Message Board › Foreign (non-California S-Corps
This topic contains 1 reply, has 2 voices, and was last updated by Sandy Weiner 2 months, 3 weeks ago.
June 3, 2019 at 8:44 am #164203Donald BayneParticipant
I understand the rules for foreign LLCs having California resident members. I cannot find similar language regarding foreign S-Corps having California resident shareholder(s).
It appears foreign S-Corps only need to file when there is income sourced to California, i.e. zero CA percentage for all three factors. There is a California (1) shareholder, bank account and mailing address.
Do any of you have more clarity on the subject?
June 5, 2019 at 9:35 am #164729Sandy WeinerParticipant
Donald, if the S corporation is managed from California then it is considered to be doing business in the state and must file a return. It’s hard to tell from the facts you presented. Below is an excerpt from our California Taxation of Multistate Businesses:
Examples of doing business include the following:
A corporation with its home office in California for carrying on managerial functions and a
warehouse in Nevada for sales and distribution purposes was doing business in California
even though the managerial functions were not extensive (Appeal of Cagan Homes, Inc. (1965)
A foreign corporation that took orders, solicited sales, and dealt with customer service issues
in California but handled billing and payments from its Wisconsin headquarters and delivered
goods from out-of-state plants was doing business in California. (Appeal of Kimberly-Clark
Corporation (1962) 62-SBE-094)
Not doing business
Examples of not doing business include the following:
A corporation that sold its assets and ceased its department store business but received
interest on the buyer’s note and proceeds from an insurance policy was not doing business
in California (Appeal of The Blanc Corporation (1964) 64-SBE-022); and
A Nevada corporation with a California resident who was the corporation’s sole shareholder,
but the entity managed investments and real property located outside of California, and the
corporate offices and only corporate officer were located in Nevada. (Daniel V, Inc. v. FTB
(February 6, 2013) Los Angeles Superior Court, Central District, Case No. BC 457301)

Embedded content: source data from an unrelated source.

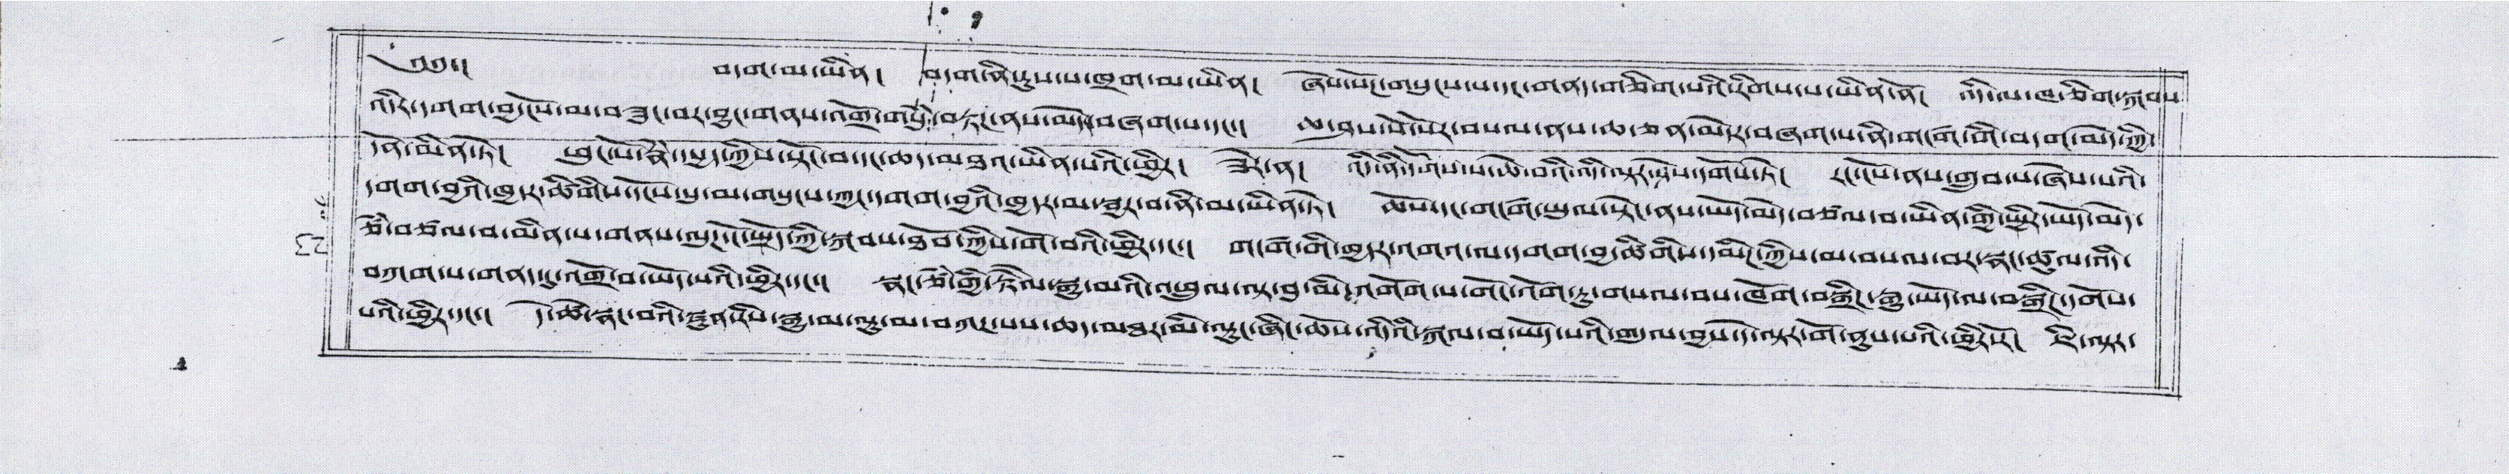བདག་མ་ཡིན། བདག་ནི་རུས་པ་ཁྲག་མ་ཡིན། ཞེས་སོགས་གསུངས་པ་དང་གནད་གཅིག་པའི་རིགས་པ་ཡིན་ནོ། འདི་ལ་ཁ་ཅིག་སྐབས་
འདིར་དགག་བྱ་ངོས་མ་བཟུང་བར་བྱུང་གནས་འགྲོ་གསུམ་བརྟགས་ནས་མེད་པར་བཞག་པ་དང། ཆ་ཤས་སོ་སོར་བསལ་ནས་ཆ་ཅན་མེད་པར་བཞག་པ་ནི་གང་ཟག་གི་བདག་མེད་ཀྱི་
དོན་མིན་ཏེ། ཕུང་པོ་རྣམ་དཔྱད་ཀྱིས་སྟོང་པ་དང་ཆད་མཐའ་ཡིན་པའི་ཕྱིར། ཟེར་ན། འདི་ནི་དགོས་པ་ཆེ་བའི་འདི་ལྟར་ཤེས་དགོས་ཏེ། རང་ངོས་ནས་གྲུབ་པ་ཞེས་པའི་
དགག་བྱའི་ཁྱད་པར་ཚིག་གིས་དངོས་སུ་མ་གསུངས་ཀྱང་དགག་བྱའི་ཁྱད་པར་མ་སྦྱར་བ་ནི་མ་ཡིན་ཏེ། ཆོས་དང་གང་ཟག་ཡུལ་སྟེང་ནས་ཡོད་མེད་
བཙལ་བ་ཡིན་གྱི་སྤྱིར་ཡོད་མེད་ཙམ་བཙལ་བ་མིན་པ་གནས་ལུགས་ངོ་སྤྲོད་ཀྱི་སྐབས་ཐོབ་ཀྱིས་གོ་བའི་ཕྱིར་དང། གང་ཟག་གི་ཁྱད་པར་འགའ་ལ་དགག་བྱ་ཚིག་གིས་དམིགས་ཀྱིས་མ་བསལ་བར་སྣང་ཚུལ་འདི་
བཀག་པ་གནད་དུ་འགྲོ་བ་ཡོད་པའི་ཕྱིར་དང། སྣང་ཙམ་གྱི་རྟེན་འབྲེལ་སྒྱུ་མའི་འཕྲུལ་ལྟ་བུ་མི་འགོག་པ་གོང་འོག་ཏུ་གསལ་བས་ཁོག་བསྒྲིགས་རྒྱུ་ཡོད་ལ་བསྒྲིགས་དགོས་
པའི་ཕྱིར་དང། དེ་ཚེ་སྣང་བའི་རྫུན་རིས་སྒྱུ་མ་ལྟ་བུ་མ་བཀགས་པས་ཆད་མཐར་མི་ལྟུང་ཞིང་ཆོས་འདིའི་སྐལ་བ་ཡོད་པའི་གདུལ་བྱས་དེ་ལྟར་གོ་ནུས་པའི་ཕྱིར་རོ། ཇི་ལྟར་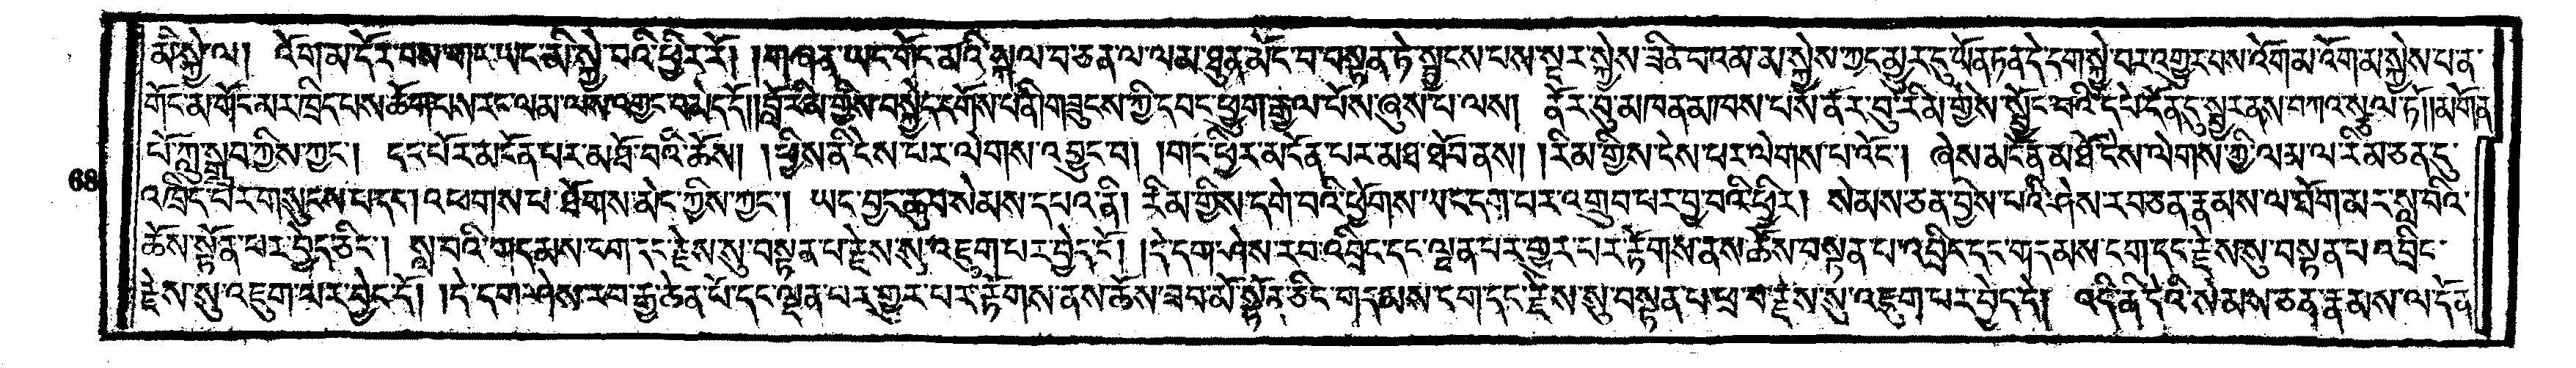མི་སྐྱེ་ལ། འོག་མ་དོར་བས་གང་ཡང་མི་སྐྱེ་བའི་ཕྱིར་རོ། །གཞན་ཡང་གོང་མའི་སྐལ་བ་ཅན་ལ་ལམ་ཐུན་མོང་བ་བསྟན་ཏེ་སྦྱངས་པས་སྔར་སྐྱེས་ཟིན་པའམ་མ་སྐྱེས་ཀྱང་མྱུར་དུ་ཡོན་ཏན་དེ་དག་སྐྱེ་བར་འགྱུར་བས་འོག་མ་འོག་མ་སྐྱེས་པ་ན་
གོང་མ་གོང་མར་ཁྲིད་པས་ཆོག་པས་རང་ལམ་ལས་འགྱང་བ་མེད་དོ། །བློ་རིམ་གྱིས་བསྐྱེད་དགོས་པ་ནི། གཟུངས་ཀྱི་དབང་ཕྱུག་རྒྱལ་པོས་ཞུས་པ་ལས། ནོར་བུ་མཁན་མཁས་པས་ནོར་བུ་རིམ་གྱིས་སྦྱོང་བའི་དཔེ་དོན་དུ་སྦྱར་ནས་བཀའ་སྩལ་ཏོ། །མགོན་
པོ་ཀླུ་སྒྲུབ་ཀྱིས་ཀྱང་། དང་པོར་མངོན་པར་མཐོ་བའི་ཆོས། །ཕྱིས་ནི་ངེས་པར་ལེགས་འབྱུང་བ། །གང་ཕྱིར་མངོན་པར་མཐ་ཐོབ་ནས། །རིམ་གྱིས་དེས་ཕར་ལེགས་པ་འོང་། ཞེས་མངོན་མཐོ་དེས་ལེགས་ཀྱི་ལམ་ལ་རིམ་ཅན་དུ་
འཁྲིད་པར་གསུངས་པ་དང་། འཕགས་པ་ཐོགས་མེད་ཀྱིས་ཀྱང་། ཡང་བྱང་ཆུབ་སེམས་དཔའ་ནི། རིམ་གྱིས་དགེ་བའི་ཕྱོགས་ཡང་དག་པར་འགྲུབ་པར་བྱ་བའི་ཕྱིར། སེམས་ཅན་བྱེས་པའི་ཤེས་རབ་ཅན་རྣམས་ལ་ཐོག་མར་སླ་བའི་
ཆོས་སྟོན་པར་བྱེད་ཅིང་། སླ་བའི་གདམས་ངག་དང་རྗེས་སུ་བསྟན་པ་རྗེས་སུ་འཇུག་པར་བྱེད་དོ། །དེ་དག་ཤེས་རབ་འབྲིང་དང་ལྡན་པར་གྱུར་པར་རྟོགས་ནས་ཆོས་བསྟན་པ་འབྲིང་དང་གདམས་ངག་དང་རྗེས་སུ་བསྟན་པ་འབྲིང་
རྗེས་སུ་འཇུག་པར་བྱེད་དོ། །དེ་དག་ཤེས་རབ་རྒྱ་ཆེན་པོ་དང་ལྡན་པར་གྱུར་པར་རྟོགས་ནས་ཆོས་ཟབ་མོ་སྟོན་ཅིང་གདམས་ངག་དང་རྗེས་སུ་བསྟན་པ་ཕྲ་བ་རྗེས་སུ་འཇུག་པར་བྱེད་དེ། འདི་ནི་དེའི་སེམས་ཅན་རྣམས་ལ་དོན་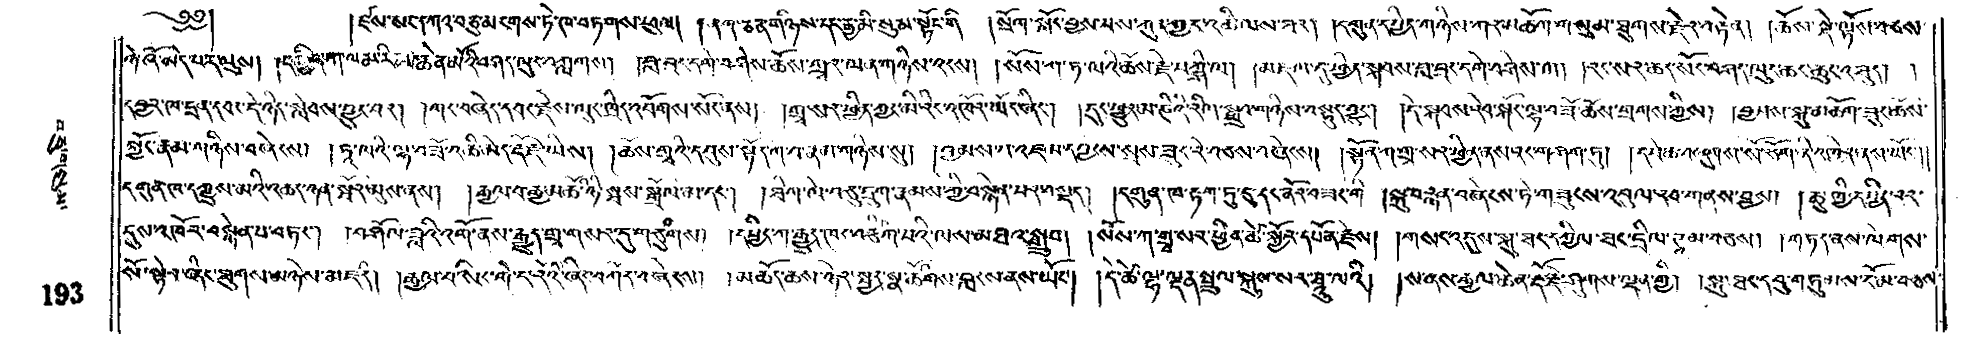༄༅། །ཛས་སང་དཀའ་བཅུ་མངགས་ཏེ་ཁ་བཏགས་ཕུལ། །ནག་ཅན་གཉིས་དང་རྒྱ་མི་སུམ་སྟོང་གི །སྲོག་སློང་བྱས་པས་ཀུན་ཀྱང་འཆི་ལས་ཐར། །དགུན་དཔྱིད་གཉིས་ཀར་མཆོག་གསུམ་ཐུགས་རྗེར་བརྟེན། །ཆོས་སྡེ་ལྟོས་བཅས་
ཉེ་འོ་མེད་པར་ལུས། །དབྱིད་ཀ་ལམ་རིམ་ཆེན་མོའི་བཤད་ལུང་བཀླགས། །བླ་བྲང་དགེ་བཤེས་ཆོས་གྲྭར་ལན་གཉིས་འངས། །སོས་ཀ་ཏ་ལའི་ཆོས་རྗེ་པཀྴི་ལ། །མཇལ་དུ་ཕྱིན་སྐབས་བླ་བྲང་དགེ་བཤེས་ལ། །རང་སར་ཆར་སོང་བཤད་ལུང་ཆང་ཆུང་འཐུད། །
དབྱར་ཁ་དྲན་དབང་དེ་ཉིད་སླེབས་བྱུང་བར། །གང་བཞེད་དབང་རྗེས་ལུང་ཁྲིད་འབོགས་སོང་ནས། །གྲྭ་?སར་ཕྱིན་ཀྱང་མི་རིང་འཁྱོར་ཡོང་ཞིང་། །དུང་ཕྱུར་མ་ཎིའི་རིག་སྒྲུབ་གཉིས་བསྟུད་བྱུང་། །དེ་སྐབས་རེབ་སྐོར་ལྷ་བཟོ་ཆོས་གྲགས་ཀྱིས། །བྱབས་སྐུ་མཆོག་ཟུང་ཆོས་
སྐྱོང་རྣམ་གཉིས་བཞེངས། །ཏཱ་ལའི་ལྷ་བཟོ་འཆི་མེད་རྡོ་རྗེ་ཡིས། །ཆོས་གྲྭའི་དབུས་སྟོད་ག་བ་རྣམ་གཉིས་སུ། །བྱམས་པ་འཇམ་དབྱངས་སྲས་ཟུང་རེ་བཅས་བཞེངས། །སྟོན་ཀ་གྲྭ་སར་ཕྱིན་ནས་རང་གཤག་ཏུ། །དཔེ་ཆ་བཞུགས་སོ་ཅོག་ནི་འཁྱེར་ནས་ཡོང།།
དགུན་ཁ་དཀྱུས་མའི་འཆད་ཉན་སྤོར་མུས་ནས། །རྒྱལ་བ་རྒྱ་མཚོ་ཉི་སྦས་སྒྲོལ་མ་དང་། །ཐིག་ལེ་བཅུ་དྲུག་རྣམས་ཀྱི་བསྙེན་པར་བསྡད། །དགུན་ཁ་རྟག་ཏུ་དུ་དང་ནོར་བཟང་གི །སྐུ་བསྙན་བཞེངས་ཏེ་གཟུངས་འབུལ་རབ་གནས་བྱས། །ཆུ་ཁྱི་དཔྱིད་བར་
དུས་འཁོར་བསྙེན་པ་བཏང་། །བཤོལ་ཟླའི་འགོ་ནས་རྒྱུད་གྲྭ་གསར་དུ་གཅུགས། །དཔྱིད་ཀ་རྒྱུད་ཁང་བརྩིག་པའི་ལས་མཐའ་སྒྲུབ། །སོས་ཀ་གྲྭ་སར་ཕྱིན་ཚེ་སྐྱོར་དཔོན་རྗེས། །གསང་འདུས་སྐུ་ཐང་དཀྱིལ་ཐང་དྲིལ་ཊཱ་མ་བཅས། །གཏད་ནས་ལེགས་
སོ་སྟེར་ཞིང་ཐུགས་མཉེས་མཛད། །རྒྱལ་བ་སིང་གེ་ང་རོའི་ཞིང་བཀོད་བཞེངས། །མཆོད་ཆས་ཉེར་སྤྱད་སྣ་ཚོགས་བླངས་ནས་ཡོང་། །དེ་ཚེ་ལྷ་ལྡན་སྤྲུལ་སྐུར་སར་ཐཱུ་ལའི། །ས་ནས་རྒྱལ་ཆེན་རྡོ་རྗེ་ཤུགས་ལྡན་གྱི། །སྐུ་ཐང་དབུ་གཏུམས་ངོ་མ་བཅས་

The taxpayer succeeded in Daniel V. by presenting the following documentary and oral
testimony showing that:
The entity’s bank accounts and brokerage accounts were held in Nevada;
Board of directors meetings were held at the entity’s office in Nevada;
The entity’s original books and records were maintained in Nevada;
The only corporate officer resided in Nevada;
The corporate officer signed all checks and handled all business affairs from Nevada; and
Both the shareholder and the corporate officer testified that all decisions were made by the
corporate officer, and the shareholder relied on him to manage the entity.